State legislative leaders also expanded the use of the device known as "lapses" to unhealthy, historic highs. Lapses are vague and often unrealistic budget assumptions about the amounts that will be cut — such as $190 million in consulting contracts over the next two years — without any guidance on how to achieve those cuts.

State leaders have raised taxes on small segments of the population — the rich and smokers — so they wouldn't anger the majority. And they did all this to avoid what is needed: deep cuts in state government spending (a goal with which Mrs. Rell seems far more in tune than lawmakers) in combination with a broad-based tax increase in which everyone shares some pain.

No Place To Run

There are no more corners to hide in. Federal stimulus money will start running out by the end of 2010 and isn't enough to make up for revenue losses anyway. There's a limit to borrowing. The state's deficit in a few years could reach $3 billion.

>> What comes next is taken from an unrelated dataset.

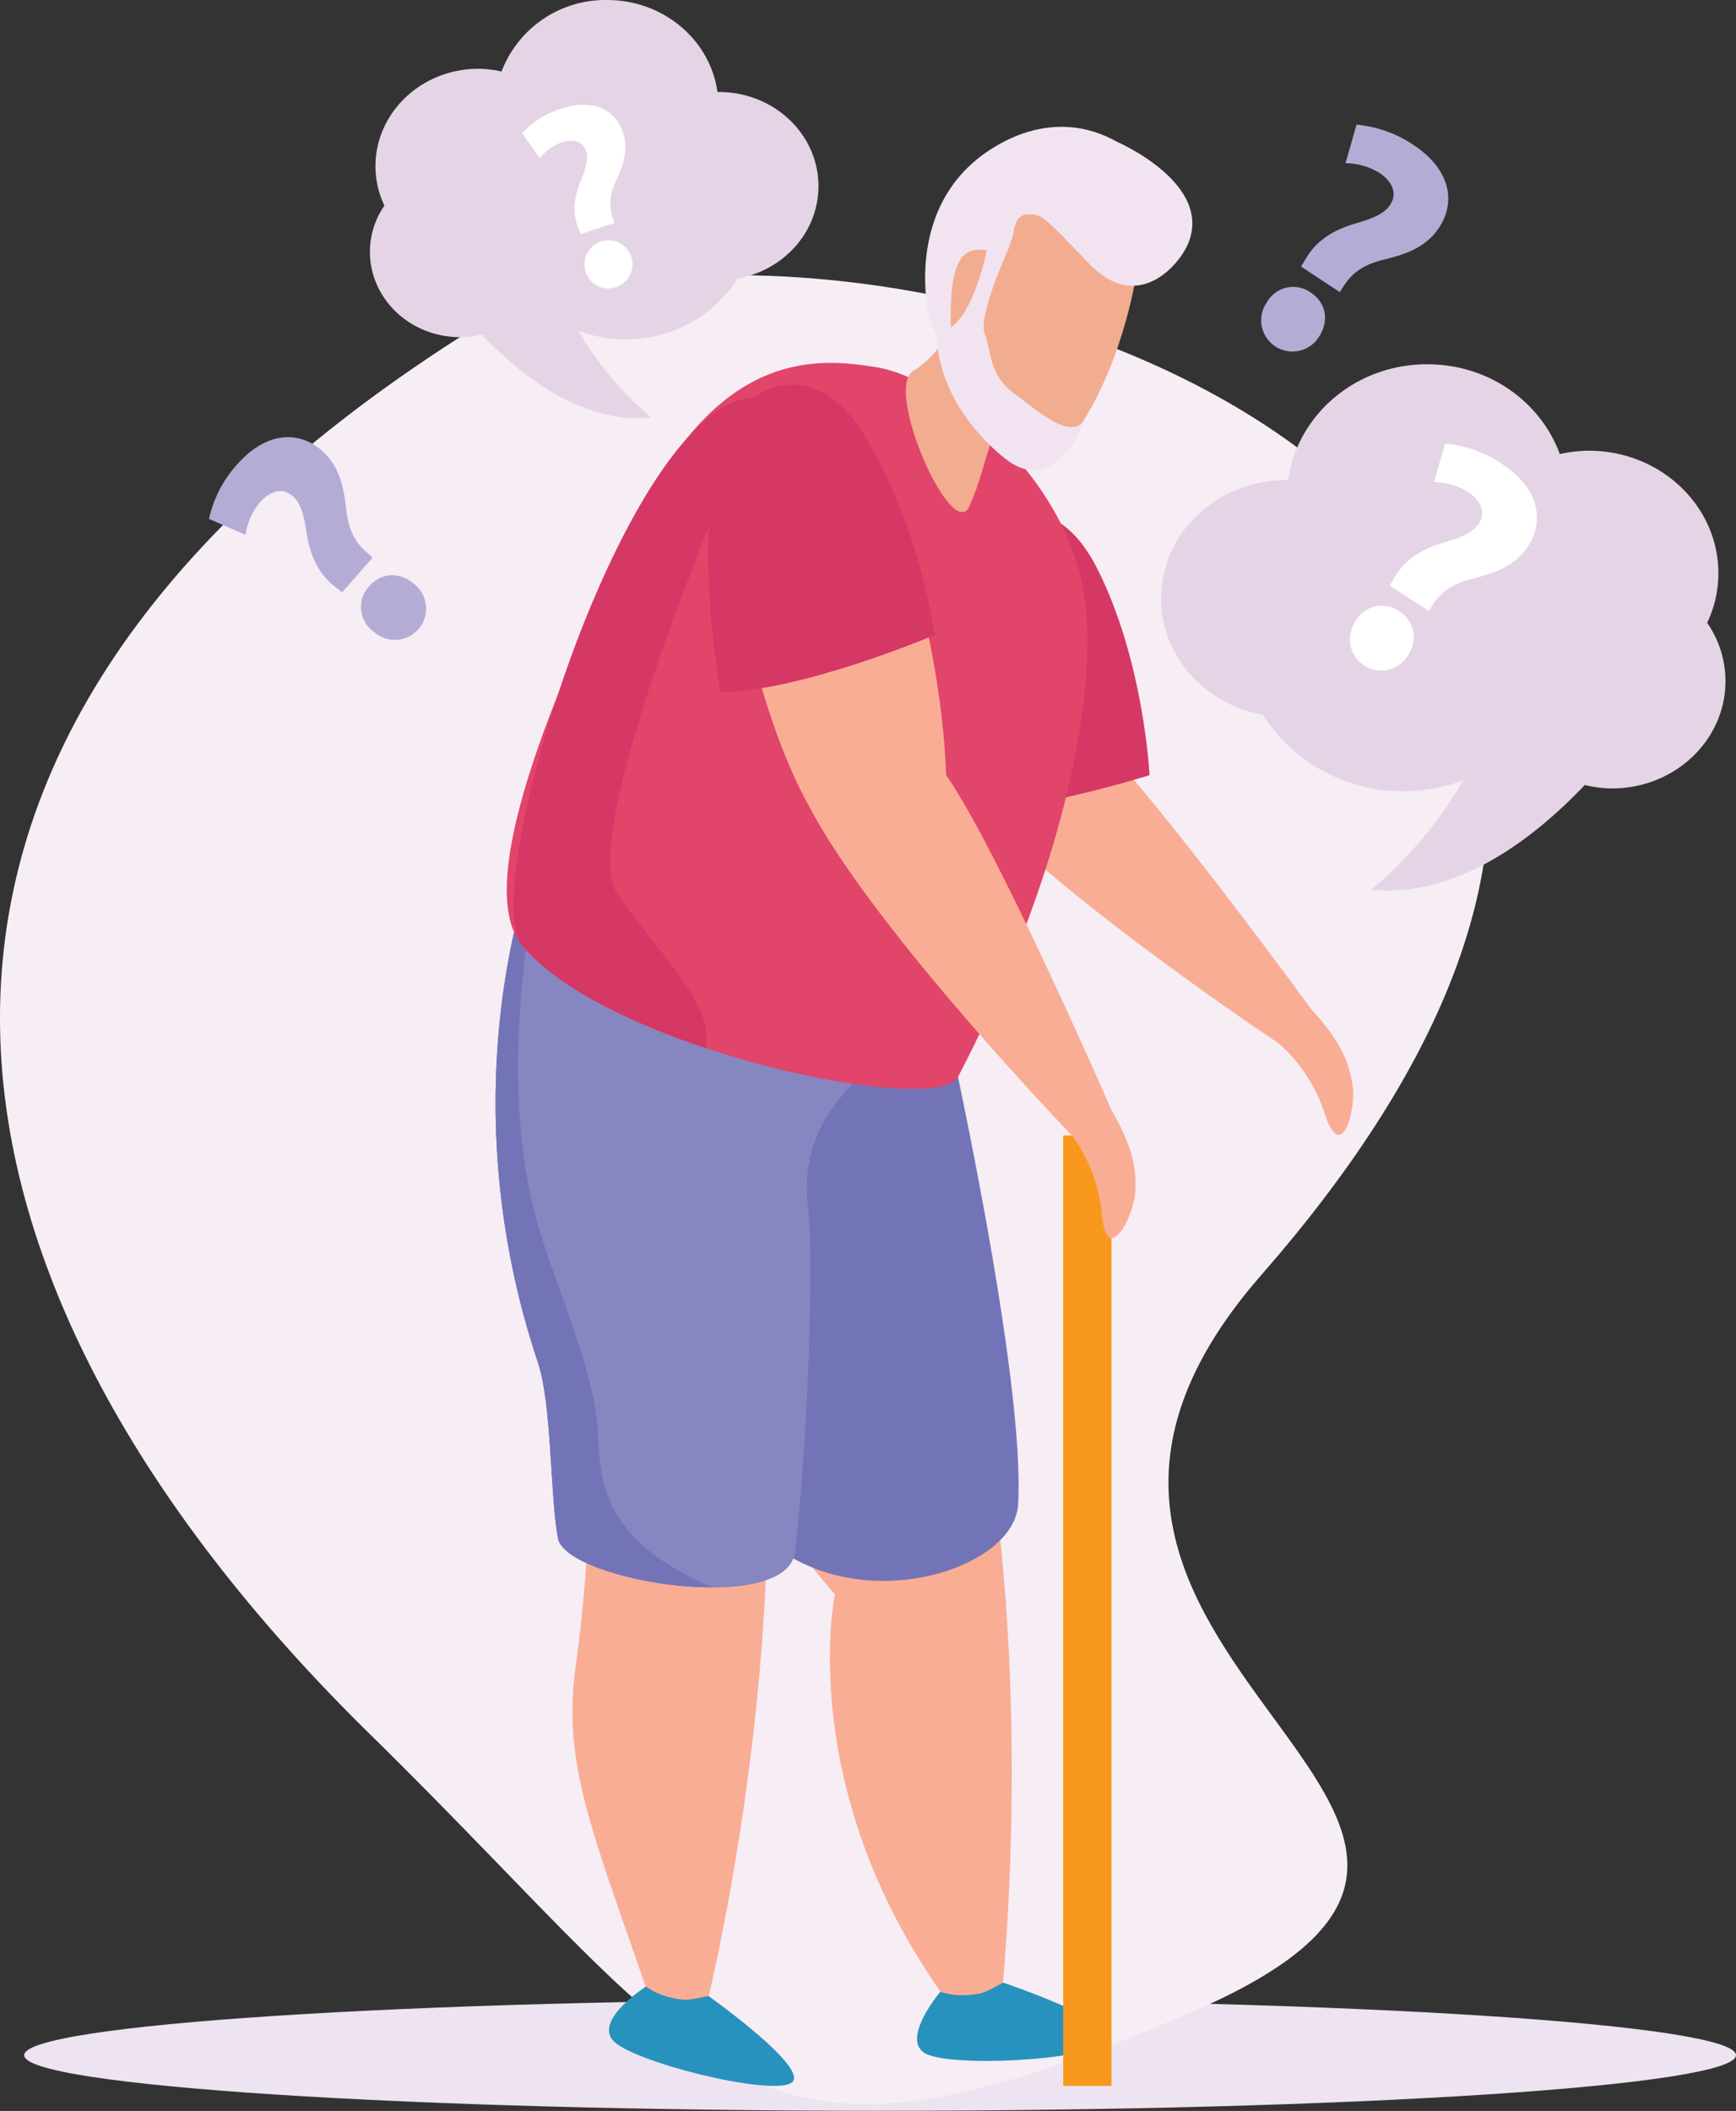 <svg id="Layer_1" data-name="Layer 1" xmlns="http://www.w3.org/2000/svg" viewBox="0 0 405.91 493.41"><rect x="0" y="0" width="405.91" height="493.41" fill="#333333" stroke="none"/><title>psychiatric-problems-in-old-age</title><path d="M459.74,482.73c0,7.2-89.61,13-200.15,13s-200.11-5.83-200.11-13,89.59-13,200.11-13S459.74,475.54,459.74,482.73Z" transform="translate(-53.83 -2.35)" style="fill:#eee3f0"/><path d="M348.74,300.38c-78.67,89.93,90,126.38-16.09,172.19s-109.72,16.11-192.33-64.88C39.74,309.07,3.44,182.12,161.42,81.12,237.59,32.42,517.76,107.17,348.74,300.38Z" transform="translate(-53.83 -2.35)" style="fill:#f6edf5"/><path d="M453,147.93a27,27,0,0,0,2.62-11.57c0-15.83-13.58-28.66-30.28-28.66a32.2,32.2,0,0,0-6.8.79c-4.46-12.21-16.59-21-31-21-16.72,0-30.38,11.81-32.51,27.07-.16,0-.29,0-.44,0-16.17,0-29.27,12.4-29.27,27.69,0,13.53,10.25,24.74,23.79,27.17a38.76,38.76,0,0,0,32.94,17.88,40.11,40.11,0,0,0,13.9-2.55,96.36,96.36,0,0,1-21.48,25.56c19.82,1.88,37.57-11.51,49.91-24.47a27.69,27.69,0,0,0,6.36.8c14.65,0,26.54-11.23,26.54-25.1A24,24,0,0,0,453,147.93Z" transform="translate(-53.83 -2.35)" style="fill:#e5d4e6"/><path d="M143.71,50.41a21.36,21.36,0,0,1-2.09-9.19c0-12.59,10.79-22.79,24.07-22.79a25.19,25.19,0,0,1,5.41.64A26,26,0,0,1,195.75,2.35c13.29,0,24.15,9.38,25.84,21.51.13,0,.23,0,.34,0,12.87,0,23.27,9.86,23.27,22,0,10.75-8.14,19.67-18.9,21.6a30.82,30.82,0,0,1-26.18,14.21,32,32,0,0,1-11.05-2,76.76,76.76,0,0,0,17.07,20.3c-15.76,1.5-29.86-9.14-39.67-19.44a22,22,0,0,1-5.05.63c-11.65,0-21.1-8.92-21.1-20A19.05,19.05,0,0,1,143.71,50.41Z" transform="translate(-53.83 -2.35)" style="fill:#e5d4e6"/><path d="M242.58,106.07c.74-8.57,9.67-24.56,31.91-.21,13.4,14.67,26.42,44.93,31.32,64.46,15.71,14.46,54.66,68,54.66,68,7.39,8,8.87,13,9.62,17.76.87,5.44-2.56,18.65-6.51,6.58a37.26,37.26,0,0,0-10.68-16.38s-55.43-36.7-76.72-61.87l0,0C259.13,165.22,240.84,126,242.58,106.07Z" transform="translate(-53.83 -2.35)" style="fill:#f9ad94"/><path d="M285.6,124.34s14.34-9.53,24.68,10.73c11.06,21.66,12.33,48.47,12.33,48.47s-32.75,10.4-51.16,8.58C271.45,192.12,266.45,136.47,285.6,124.34Z" transform="translate(-53.83 -2.35)" style="fill:#d53865"/><path d="M193.79,215.38S190.14,307.82,249.05,375c0,0-9.55,45.36,25.82,94.47,0,0,1.59,5.57,12.91,2.15,0,0,7.59-66.52-3.06-131.78,0,0-.65-100.9-27.39-121.41,0,0-11.4,2.07-15.25,2.14C229.94,220.73,193.79,215.38,193.79,215.38Z" transform="translate(-53.83 -2.35)" style="fill:#f9ad94"/><path d="M180.23,213.93s19.69,95.82,8.18,178.14c-3.15,22.56,4.08,38.75,16.76,75.75,0,0,1.92,3.84,13.74,3.77,0,0,16.54-65.61,14.19-132.72,0,0,28.81-91.09,9-118.33Z" transform="translate(-53.83 -2.35)" style="fill:#f9ad94"/><path d="M274.87,240.32s18.88,83.7,17,113.81c-.89,13.83-31,24.63-52.64,12.43L236.86,255.8Z" transform="translate(-53.83 -2.35)" style="fill:#7374b7"/><path d="M274.87,240.32S222.39,238,177.77,207c0,0-19.29,50.69,1.82,113.77,3.3,9.81,2.83,31,4.7,41.11S238,380.23,239.71,365c3.31-29.28,4.32-70.63,3.08-80C240.61,268.47,248.59,254.39,274.87,240.32Z" transform="translate(-53.83 -2.35)" style="fill:#8686c1"/><path d="M274.87,240.32S222.39,238,177.77,207c0,0-19.29,50.69,1.82,113.77,3.3,9.81,2.83,31,4.7,41.11S238,380.23,239.71,365c3.31-29.28,4.32-70.63,3.08-80C240.61,268.47,248.59,254.39,274.87,240.32Z" transform="translate(-53.83 -2.35)" style="fill:#8686c1"/><path d="M184.29,361.87c-1.87-10.14-1.4-31.3-4.7-41.11-15.59-46.59-9.15-86.35-4.72-104l3,.59s-7,37,.75,67.69c4.27,16.9,14.68,37.28,15.09,53.47.37,15.05,5.28,25.53,26.6,34.85C204.81,373.39,185.43,368,184.29,361.87Z" transform="translate(-53.83 -2.35)" style="fill:#7374b7"/><path d="M273.71,467.89s-9.2,10.86-3.71,14.32S308,484,312.63,479.7s-24.29-13.94-24.29-13.94-3.83,2.24-5.27,2.52C277.22,469.46,273.71,467.89,273.71,467.89Z" transform="translate(-53.83 -2.35)" style="fill:#2792bd"/><path d="M259.17,88.26c14.36,2.44,46.1,25,48.65,57.38,2.05,26-8.42,67.08-30,108.45-4.93,9.46-81.33-6.26-101.85-30.67-12.57-15,10.06-65.66,27.32-100.69C222.29,84.19,244.73,85.79,259.17,88.26Z" transform="translate(-53.83 -2.35)" style="fill:#e1456a"/><path d="M204.88,466.67s-12,7.69-7.74,12.6,35.77,12.84,41.5,10.06-19.16-20.44-19.16-20.44-4.32,1-5.77.89C207.76,469.19,204.88,466.67,204.88,466.67Z" transform="translate(-53.83 -2.35)" style="fill:#2792bd"/><path d="M281.21,63.79S278.56,82.35,267.41,89c-7.08,4.26,9.07,40.47,13.07,31.7,5.2-11.29,3.68-20.81,16.26-29.82Z" transform="translate(-53.83 -2.35)" style="fill:#f2ac8f"/><path d="M319.73,50.92c3.79,13.91-9.38,57-23.82,59.45-6.26,1.06-20.71-13.33-21.42-36.22-.28-9.42,2-25.31,16.57-33.79C297.65,36.49,315.31,34.68,319.73,50.92Z" transform="translate(-53.83 -2.35)" style="fill:#f2ac8f"/><path d="M328.47,51.81s-7.53,20.52-19.81,9.31c-14.13-12.87-17.22-8.86-17.83-4.64-1.82,12.41-15.17-8.18-14.7,21.31.27,15-5.31-1.25-5.55-3.83s-3.85-24.41,14.6-36.51S321.83,34.81,328.47,51.81Z" transform="translate(-53.83 -2.35)" style="fill:#f2e3f0"/><path d="M331.6,59.37c-2.24,5.25-11.93,16.21-23,4.72s-11.09-11.59-14-11.63-2.92,1-3.37,2.53S293,24.77,315,35.49C315,35.49,337.64,45.24,331.6,59.37Z" transform="translate(-53.83 -2.35)" style="fill:#f2e3f0"/><path d="M290.17,59.3s-7.81,16.83-6.11,21,.73,9.37,6.87,14,13.77,11.29,16.69,5.84c0,0-6.25,18-17.82,10.11,0,0-16.93-11.68-17-30.51,0,0,7.17,2.67,12.07-20.2C285.44,56.88,288.16,62.23,290.17,59.3Z" transform="translate(-53.83 -2.35)" style="fill:#f2e3f0"/><path d="M176,223.42c-11-13.07,24.17-126.9,54.08-128.16l-2.9,11.83s-38.94,89.19-29.09,104.13c7.85,11.9,23.06,25.51,20.72,36.09C201,241.39,184.11,233.09,176,223.42Z" transform="translate(-53.83 -2.35)" style="fill:#d53865"/><rect x="248.6" y="265.39" width="11.28" height="222.16" style="fill:#f8991d"/><path d="M227.16,107.09c2.58-8.21,14.75-21.89,31.21,6.69,9.91,17.22,16.08,49.58,16.66,69.69,12.21,17.52,38.64,78.26,38.64,78.26,5.5,9.42,5.85,14.64,5.58,19.41-.34,5.51-6.55,17.67-7.79,5a37.22,37.22,0,0,0-6.89-18.29s-46.18-47.81-61.54-77l0,0C230.53,168.42,221.17,126.13,227.16,107.09Z" transform="translate(-53.83 -2.35)" style="fill:#f9ad94"/><path d="M230.06,95.26s13.4-10.83,25.58,8.38c13,20.53,16.8,47.11,16.8,47.11s-31.64,13.41-50.14,13.31C222.3,164.06,212.13,109.13,230.06,95.26Z" transform="translate(-53.83 -2.35)" style="fill:#d53865"/><path d="M189.61,57.06,189,55.52c-1.18-3-1.18-6.39.46-10.48,1.16-2.89,2.08-5.3,1.42-7.33s-2.5-3-5.52-2.14a11.71,11.71,0,0,0-5.31,3.72l-4.15-5.83a21.59,21.59,0,0,1,9.15-5.7c7.85-2.57,12.84.61,14.46,5.55,1.48,4.52-.34,8.41-1.78,11.65a10.76,10.76,0,0,0-.6,8.43l.35,1.08Zm1.14,8.71a5.61,5.61,0,1,1,7.07,3.69A5.42,5.42,0,0,1,190.75,65.77Z" transform="translate(-53.83 -2.35)" style="fill:#fff"/><path d="M358.05,64.66l1.11-1.82c2.07-3.62,5.56-6.41,11.06-8.08,3.9-1.16,7.11-2.18,8.64-4.51s1-5-2.3-7.37a15.37,15.37,0,0,0-8.12-2.38l2.57-9a28.06,28.06,0,0,1,13.25,4.69c9,5.92,9.84,13.6,6.11,19.27C387,60.67,381.52,62,377,63.14s-7.14,3.13-9.1,6.24l-.81,1.24Zm-7.95,8.25a7.06,7.06,0,0,1,10.15-2.22c3.68,2.42,4.37,6.59,2.07,10.25a7.31,7.31,0,1,1-12.22-8Z" transform="translate(-53.83 -2.35)" style="fill:#b5acd5"/><path d="M133.83,140.81l-1.66-1.33c-3.31-2.53-5.62-6.37-6.55-12-.63-4-1.21-7.32-3.33-9.15s-4.8-1.67-7.6,1.31a15.4,15.4,0,0,0-3.44,7.72l-8.55-3.73a27.89,27.89,0,0,1,6.39-12.51c7.06-8.15,14.78-8,19.91-3.52,4.69,4.06,5.27,9.64,5.84,14.24s2.15,7.48,5,9.83l1.12,1Zm7.13,9a7.07,7.07,0,0,1-.87-10.36c2.89-3.33,7.12-3.46,10.44-.7A7.31,7.31,0,1,1,141,149.79Z" transform="translate(-53.83 -2.35)" style="fill:#b5acd5"/><path d="M378.75,139.21l1.11-1.82c2.07-3.62,5.56-6.41,11.06-8.07,3.9-1.16,7.11-2.18,8.64-4.51s1-5-2.3-7.37a15.47,15.47,0,0,0-8.12-2.39l2.57-9A28,28,0,0,1,405,110.77c9,5.92,9.84,13.6,6.11,19.26-3.4,5.19-8.85,6.51-13.33,7.67s-7.14,3.13-9.1,6.24l-.81,1.23Zm-7.95,8.26A7.06,7.06,0,0,1,381,145.24c3.68,2.43,4.37,6.6,2.07,10.26a7.31,7.31,0,1,1-12.22-8Z" transform="translate(-53.83 -2.35)" style="fill:#fff"/></svg>

If revenue continues to lag, the job of putting together real budgets that keep roads and bridges repaired and schools open and otherwise meet people's needs will be increasingly difficult and painful. Lawmakers and the governor have to do honest budgeting if they are to have taxpayers' confidence in a time of trial.

Enough with accounting gimmicks and phantom fixes. Although everybody knows that budget proposals serve political purposes and are policy documents, those we elect must construct budgets that are transparent and realistic. When the governor and legislative majority are of different parties, they must at least speak the same budget language. A giant step toward that end was taken this year with a law requiring so-called "consensus revenue forecasting" so that Democrats and Republicans can agree on a budget base. More changes are needed.

Get Real On Revenue

If lawmakers expect the governor to cut spending, they shouldn't tie her hands in, for example, closing facilities like the Bristol courthouse and converting state-run group homes to privately run homes. The chief executive needs flexibility to obtain big savings.

Budget writers need to get real about the amount of revenue the state will receive for the sale of its assets or what the state will recover in delinquent taxes. They are not always grounded in reality.

The use of "lapses" in budgeting — savings hoped for from unspecified cuts to be made by agency managers — can be a reasonable tool. But in this year's budget, lapses are five times what is normal. That's not honest.

Nor is the misuse of securitization — selling future revenues from, for example, Connecticut's share of the national tobacco settlement. In this year's budget, no revenue stream has been identified for securitizing $1.29 billion. Where's that money coming from?

Considering that this year's budget was three months late, which created havoc in municipalities and state agencies, legislators and the governor would be well advised to adopt a bipartisan spirit of cooperation and a mutual resolve to get this most important work done on time.

Summoning the backbone to end programs that don't work and to find significant efficiencies in ones that do would be the most honest budget reform of all.